According to Keith Graham, marketing manager with equipment supplier Baker Perkins, the fact that direct-extruded snacks are dried rather than cooked following extrusion means there is a more leeway with the residence time in the dryer.
Because no browning of the product takes place, all the products can remain in the dryer until the thickest sections are sufficiently dry to optimise product quality and shelf life, without the thinner sections becoming too dark or overcooked.
“This opens up the possibility of making things different sizes because, within reason, you can dry them all down to the same moisture level without impacting on quality,” says Graham.

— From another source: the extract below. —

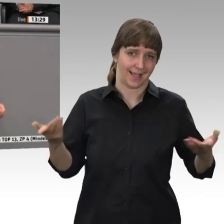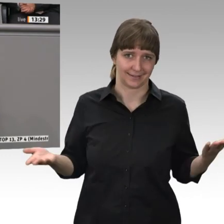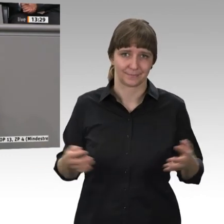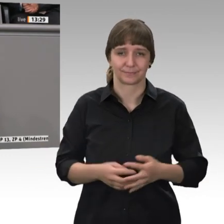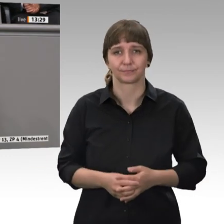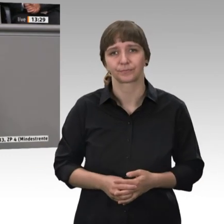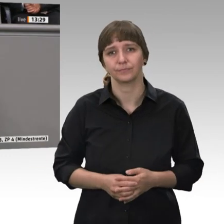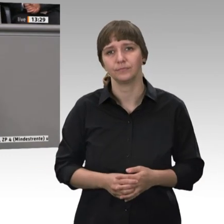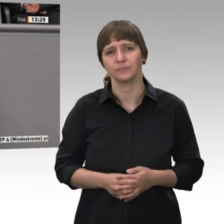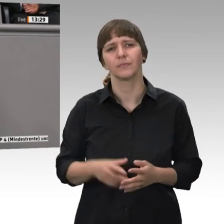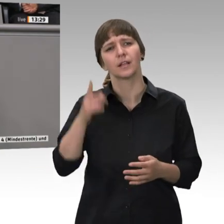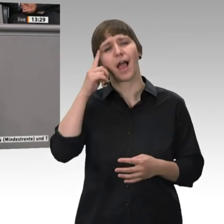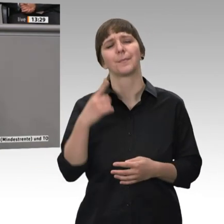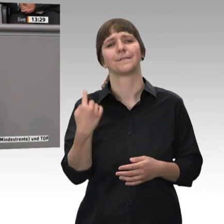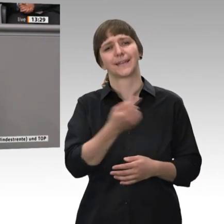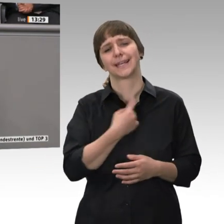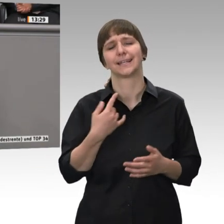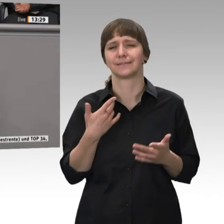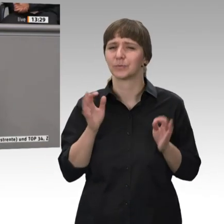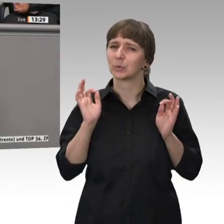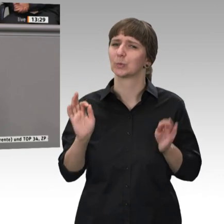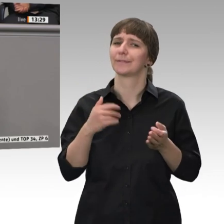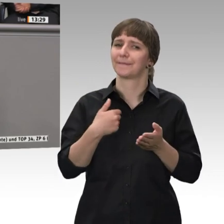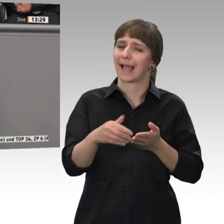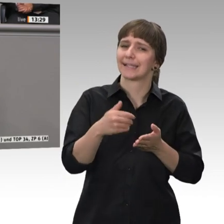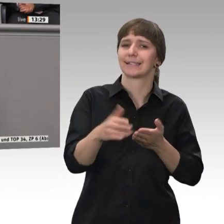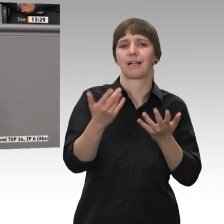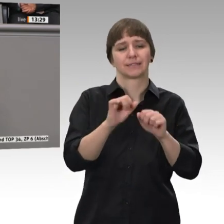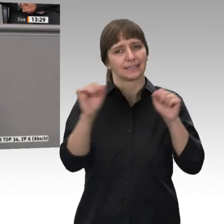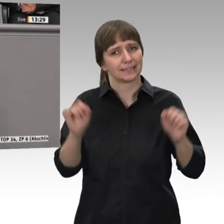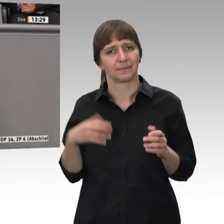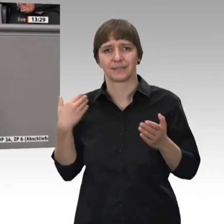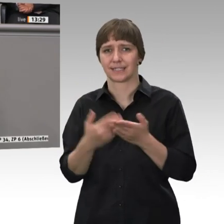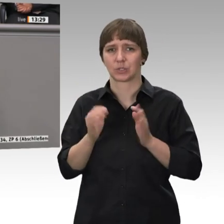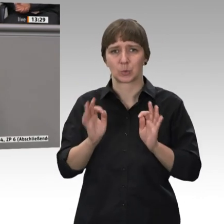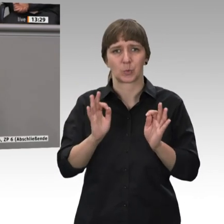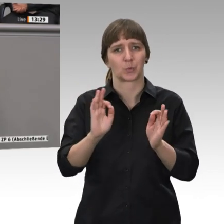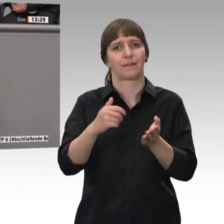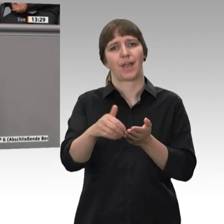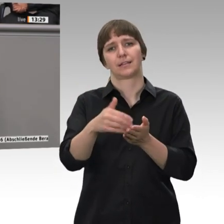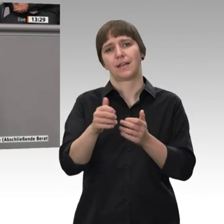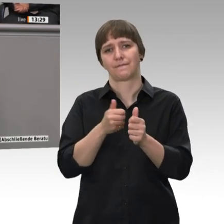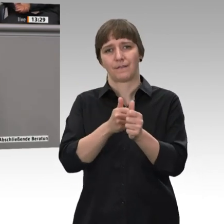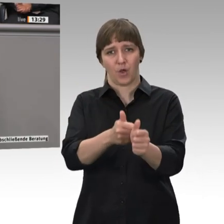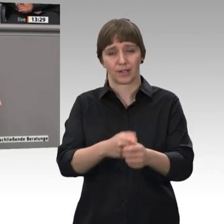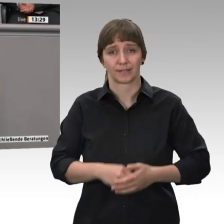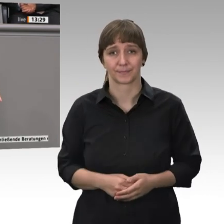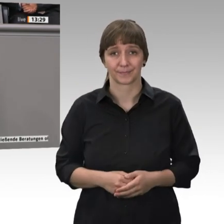wir tun gut daran, auch weiterhin in dem bewährten System, nämlich dass Renteeigentum und

So, for example, a twin-screw extruder might have between 10 and 20 outlets, each producing product of a slightly different shape. “You can extrude products from each one with a slightly different profile,” he says.
For packaged foods in general, introducing variability in the appearance of products must be carefully controlled, otherwise it could cause big problems during packaging operations.
“Consistency and conformity is generally the goal in food production,” says Graham. “[This is] partly to make sure that the product goes through the packaging system okay and that the packs have the correct weight.”
Take chocolate chip cookies, for instance. Each lump of cookie dough deposited should be the same weight, although they can then be manipulated using clever cooking techniques to appear slightly irregular.
Although the specifics may vary, cookies, crackers and other baked goods typically all go through the same three stages during the cooking process: development, drying and colouring. The most crucial step for creating an irregular appearance is the development phase.
“If products are going to lift [form bubbles] or flow, that’s where it’s going to happen,” says Graham.
Key first steps
“So you might start with cookie dough in 30mm rounds and want it to flow to form 50mm rounds.
You’ll use pure radiation in the first stage and make sure the humidity remains high so they don’t dry out and form a crust that will prevent flowing.”
The development phase is also where uneven surface features are created. So in cream crackers, for example, the use of high radiant heat in the first phase results in ‘oven spring’ and bubbles forming.
The next step is drying, which sets the structure in place, and the final stage is colouring, where the surface browns.
If you have generated surface structures such as bubbles or fissures in the development stage, this is where they can result in an uneven colour.
Similarly, the cooking techniques deployed through an industrial baking process can be fine-tuned and combined in different ways to suit each product, but they’ll often include some combination of direct radiant heat and/or hot-air convection.
Direct-fired ovens can achieve a fast blast of heat that results in the dough spreading and/or the surface of the product cracking or bubbling during the development phase. In contrast, like a domestic fan oven, hot air convection provides very even heating and therefore a more-even final appearance.
At the end of the day, Graham warns that there is only so much variation that consumers will tolerate, whatever they may believe they want.
“Consistency and conformity are what consumers expect,” says Graham.
“They might want things to look different but they don’t want the eating quality to be affected. They don’t want some to be soggy, some to be dry and some to be bitter because they’re too dark. There’s actually a very limited range over which they’ll accept variation.”